188. What are hemangioendotheliomas?
This term is used to denote a wide spectrum of vascular neoplasms showing histologic features and clinical behavior intermediate between the benign, well differentiated hemangiomas and the frankly malignant angiosarcomas.
189. What is an epithelioid hemangioendothelioma?
This a unique vascular tumor occurring around medium sized and large veins in the soft tissue of adults.

In such tumors, well-defined vascular channels are inconspicuous and the tumor cells are plump and often cuboidal, thus resembling epithelial cells.

The differential Dx includes metastatic CA, melanoma, and those sarcomas that assume an epithelioid appearance.
190. What is an angiosarcoma?
Angiosarcomas are malignant endothelial neoplasms w/structure varying from highly differentiated tumors that resemble hemangiomas (hemangiosarcoma) to whose whose anaplasia makes them difficult to distinguish from malignant neoplasms.

They occur in both sexes, more often in older adults, anywhere in the body but most commonly in the skin, soft tissue, breast, and liver.
191. What are hepatic angiosarcomas?
The rare hepatic angiosarcomas are associated w/distinct carcinogens (arsenic, Thorotrast, and PVC).

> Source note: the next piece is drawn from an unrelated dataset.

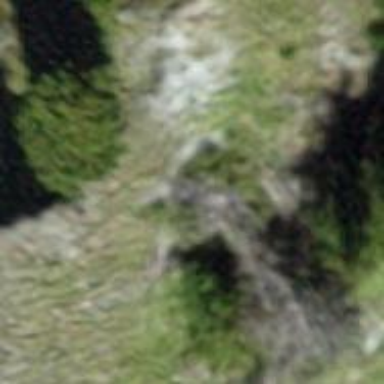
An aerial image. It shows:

With all three agents, there is a very long latent period of many years btwn exposure and the development of tumors.
192. What is the morphology of angiosarcomas?
Grossly, cutaneous angiosarcoma may begin as small, well-demarcated red nodules evolving into large, fleshy, gray-white soft tissue masses.

*Microscopically, all degrees of differentiation of these tumors may be found.

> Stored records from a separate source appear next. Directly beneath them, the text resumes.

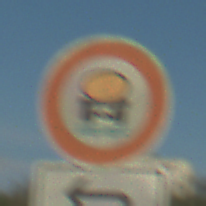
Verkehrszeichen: VerbotFahrzeugeWassergefaehrdenderLadung
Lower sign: RichtungsangabeDurchPfeile2
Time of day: MorningAfternoon
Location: Outdoor (Suburban)
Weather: PartlyCloudy
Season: NotSpecified
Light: Natural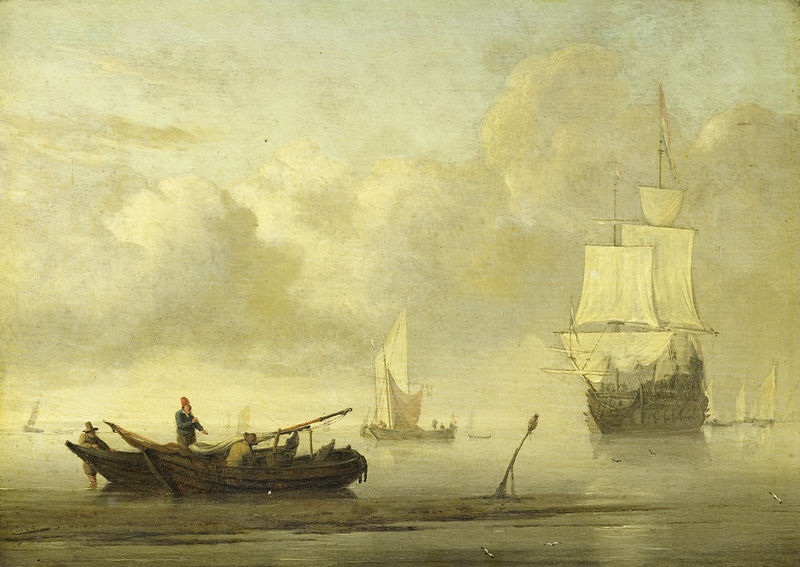
Titel: Schepen voor de kust tijdens windstilte
Künstler: Willem van de (II) Velde
Standort: Amsterdam
Institution: Rijksmuseum
Schlagwörter: bateaux, peinture, port, mer, voiliers, navire, bateau, canon, pêcheurs, pêcheur, navires, boat, canots, asdfghjkl:"

EC derivation is demonstrated by staining for CD31, CD34, or vWF.
193. What is a hemangiopericytoma?
Hemangiopericytoma is a tumor of pericytes, most commonly arising on the lower extremities (especially the thigh) or in the retroperitoneum.

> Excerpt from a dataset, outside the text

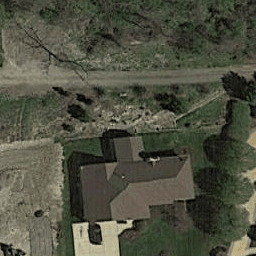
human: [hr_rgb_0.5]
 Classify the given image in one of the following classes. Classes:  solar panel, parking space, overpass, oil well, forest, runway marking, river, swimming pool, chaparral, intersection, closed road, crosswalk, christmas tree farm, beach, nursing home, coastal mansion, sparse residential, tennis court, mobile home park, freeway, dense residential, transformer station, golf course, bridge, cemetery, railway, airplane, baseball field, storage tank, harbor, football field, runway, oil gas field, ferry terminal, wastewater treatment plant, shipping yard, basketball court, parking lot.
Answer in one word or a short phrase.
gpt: sparse residential

50% metastasize. Most are small, but can grow up to 8 cm. Microscopically, they are composed of numerous capillary channels encased by nests and masses of spindle-shaped to round cells extrinsic to the EC basement membrane (resembling pericytes).
194. What are the key elements of luminal expansion in angioplasty?
1. Plaque rupture
2. Medial dissection
3. Stretching of the media of the dissected segment
195. What is proliferative restenosis?
The long-term success of angioplasty is limited by the development of proliferative restenosis, which results from intimal thickening and occurs in approx 30-50% of pts w/in the first 4-6 mos following angioplasty.

The factors causing restenosis probably relate to muscle cell injury, elaboration of cytokines and growth factors from the inflammatory cells in the plaque, local thrombosis, and elastic recoil of the dilated segment.
196. What are the most widely used small vessel replacement?

Failing of the small vessel prostheses is due to...?
Aulogous saphenous vein (pt's own vein) and expanded polytetrafluoroethylene (a spongy Teflon fabric).

Failing of the small diameter prostheses are frequently due to thrombotic occlusion, intimal fibrous hyperplasia, or occasionally atherosclerosis.
197. CABG surgery grafts are done with what prostheses?
Bypasses are done using grafts of either reversed autologous saphenous vein, or internal mammary artery (usually the left internal mammary artery, owing to proximity to the heart).

***Internal mammary artery grafts have a greater than 90% patency at 10 years, vs. only 50% patency with saphenous vein grafts.